____ SUPPLIED MATERIAL

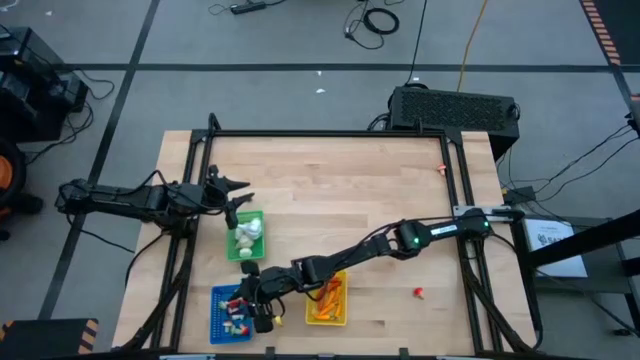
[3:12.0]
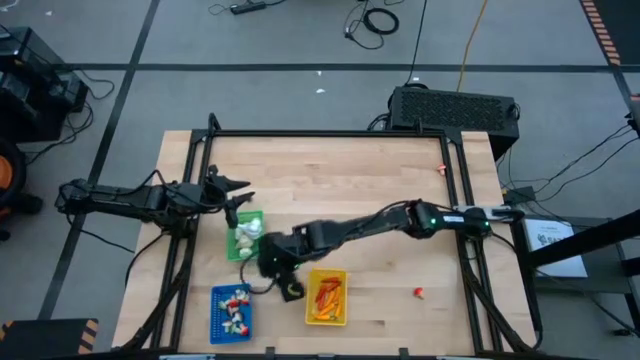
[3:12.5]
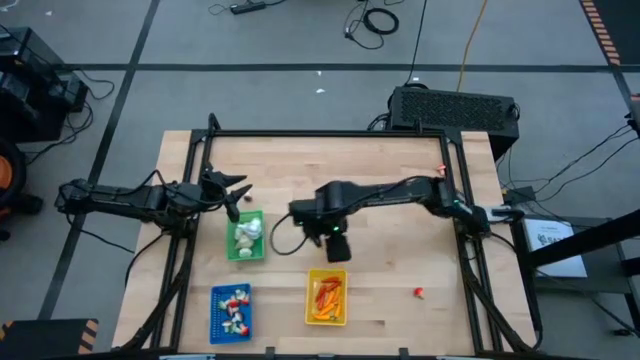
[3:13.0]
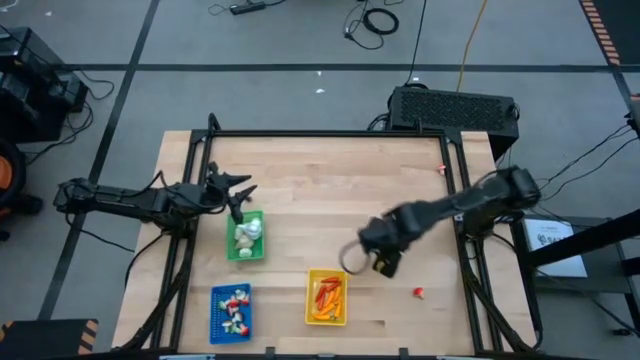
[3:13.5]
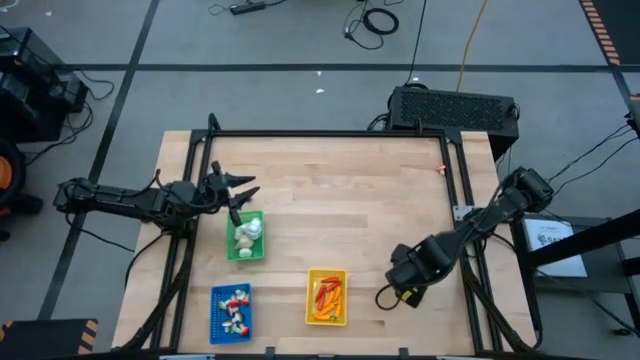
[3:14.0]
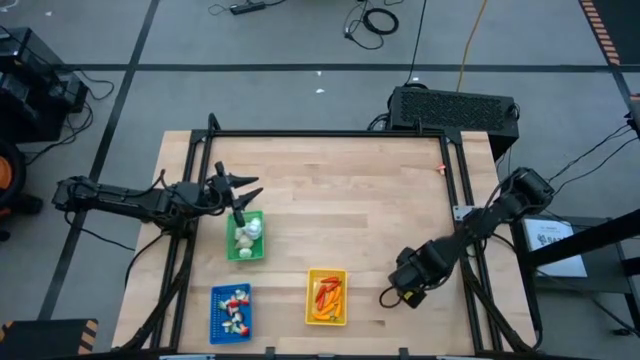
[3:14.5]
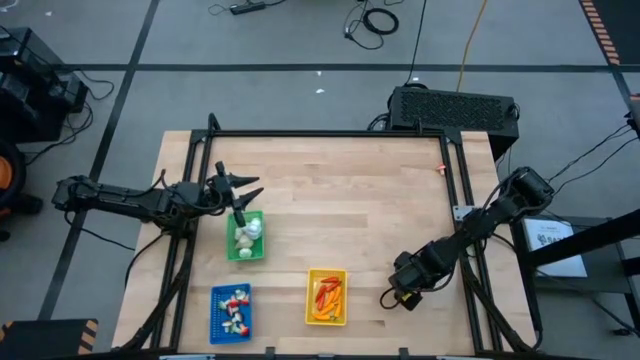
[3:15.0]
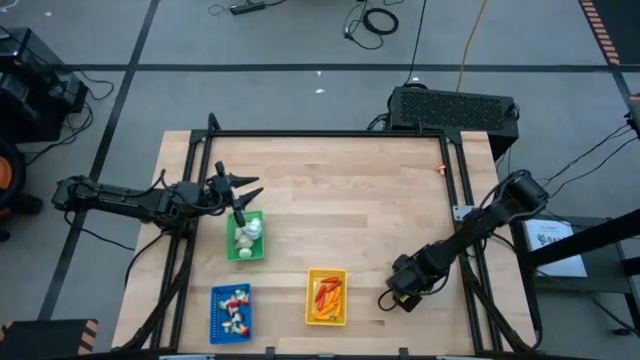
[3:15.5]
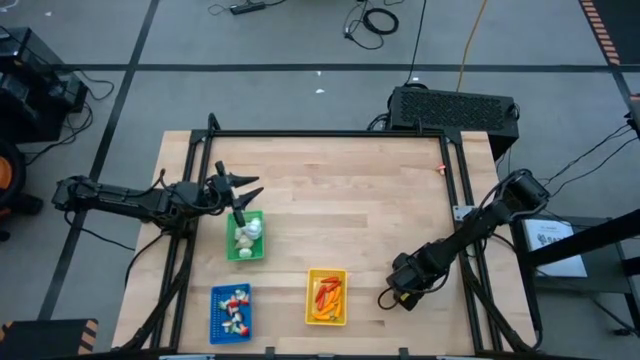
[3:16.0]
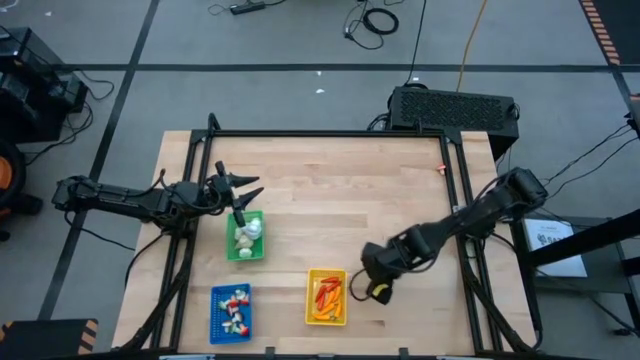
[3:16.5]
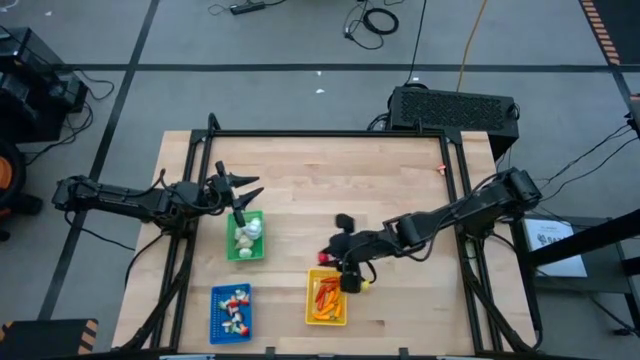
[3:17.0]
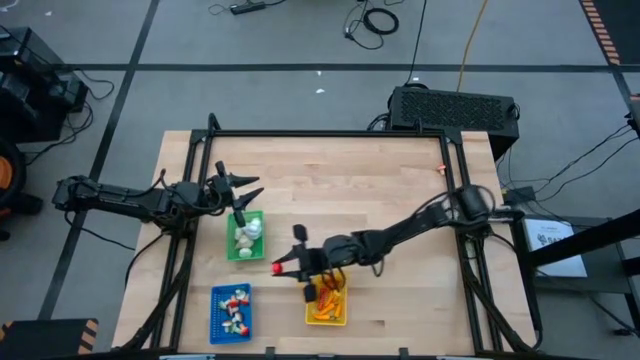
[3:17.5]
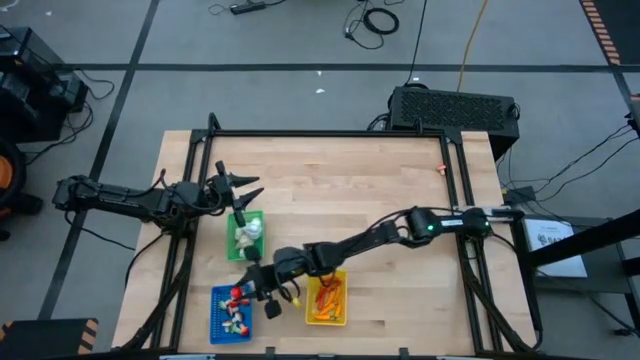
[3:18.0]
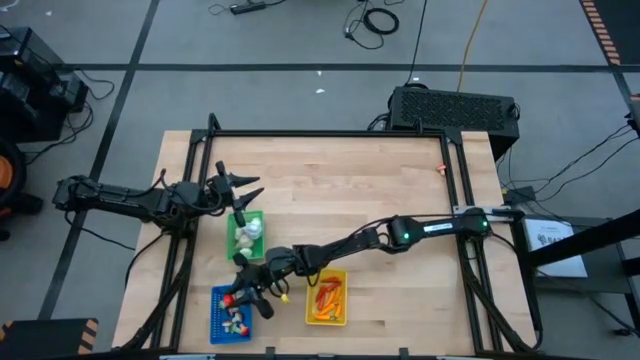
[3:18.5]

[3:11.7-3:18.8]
Task: Sort produce into baskets
Put the red mushroom into the blue basket

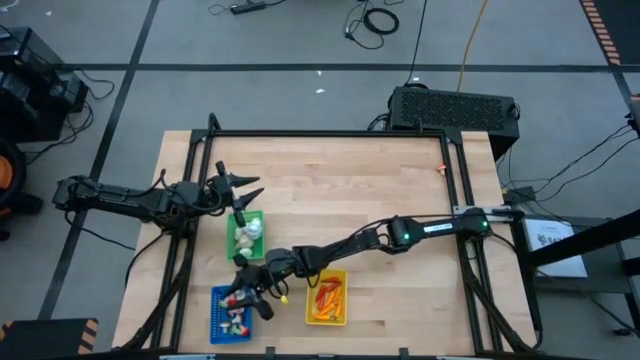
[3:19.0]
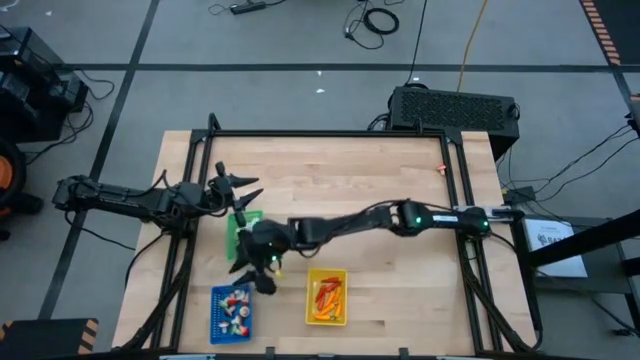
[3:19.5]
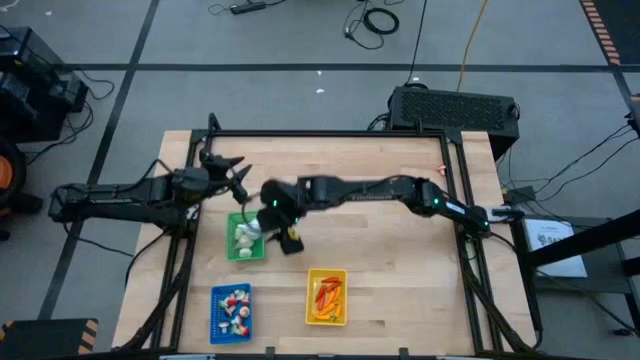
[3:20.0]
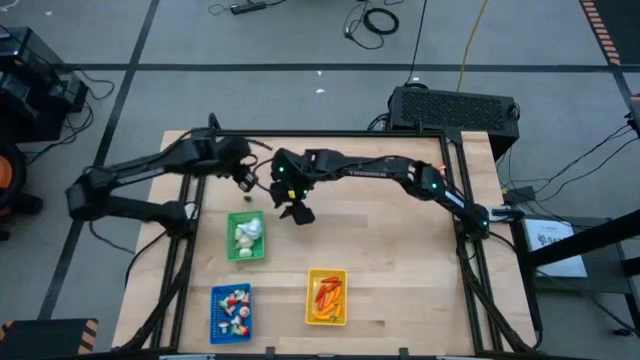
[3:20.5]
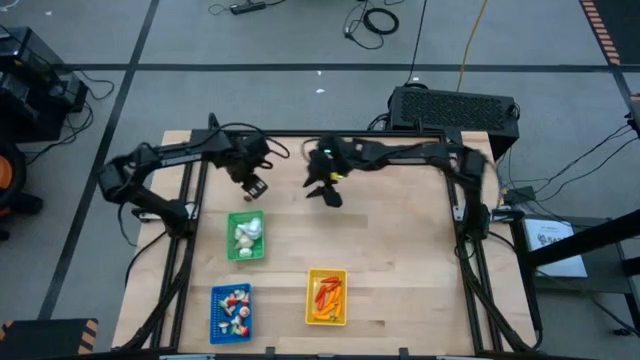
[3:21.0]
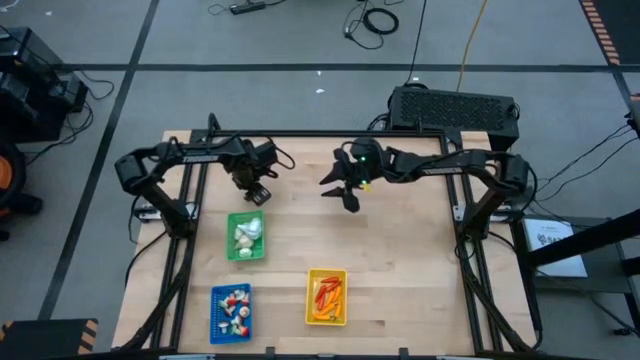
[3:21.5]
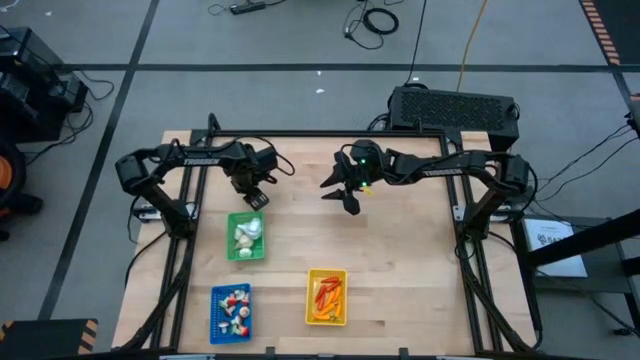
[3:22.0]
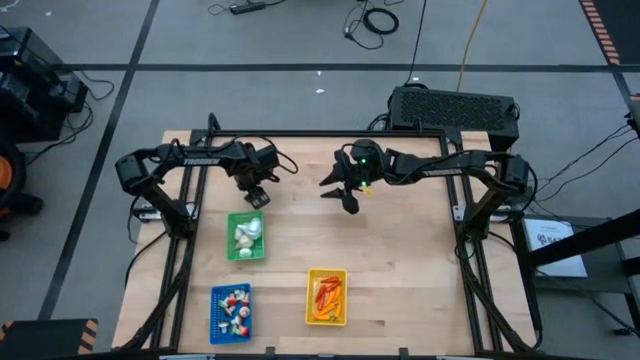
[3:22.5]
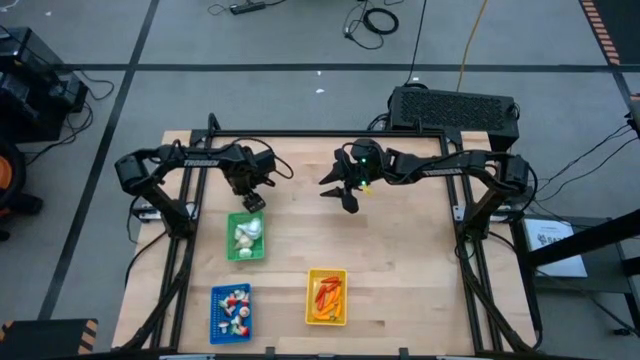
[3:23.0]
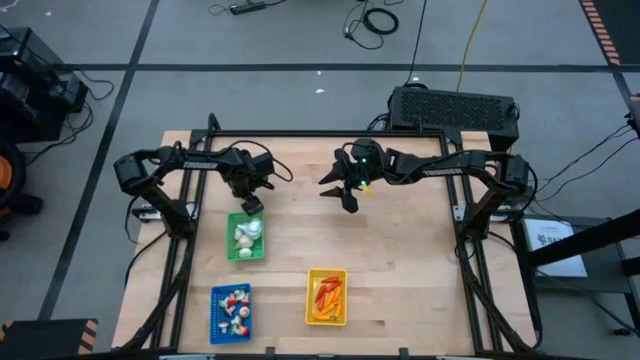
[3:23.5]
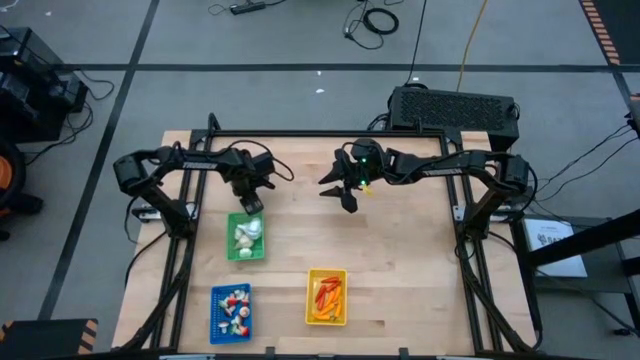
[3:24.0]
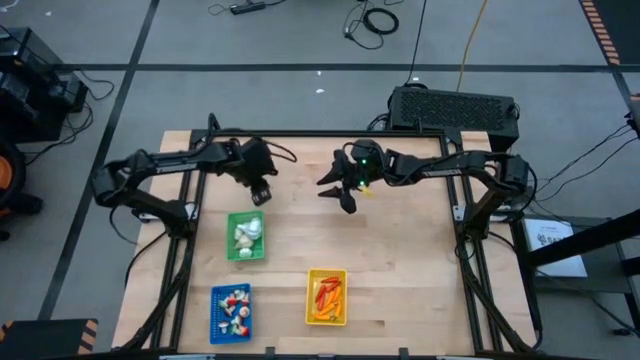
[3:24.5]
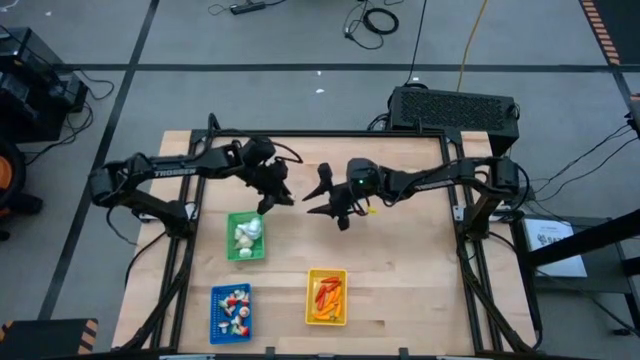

________

> [PROBLEM REQUIREMENTS]: Repeat the data in full, exactly as it stands, but drop every picture.

> [EXERCISE ANSWER]:
[3:12.0]
[3:12.5]
[3:13.0]
[3:13.5]
[3:14.0]
[3:14.5]
[3:15.0]
[3:15.5]
[3:16.0]
[3:16.5]
[3:17.0]
[3:17.5]
[3:18.0]
[3:18.5]

[3:11.7-3:18.8]
Task: Sort produce into baskets
Put the red mushroom into the blue basket

[3:19.0]
[3:19.5]
[3:20.0]
[3:20.5]
[3:21.0]
[3:21.5]
[3:22.0]
[3:22.5]
[3:23.0]
[3:23.5]
[3:24.0]
[3:24.5]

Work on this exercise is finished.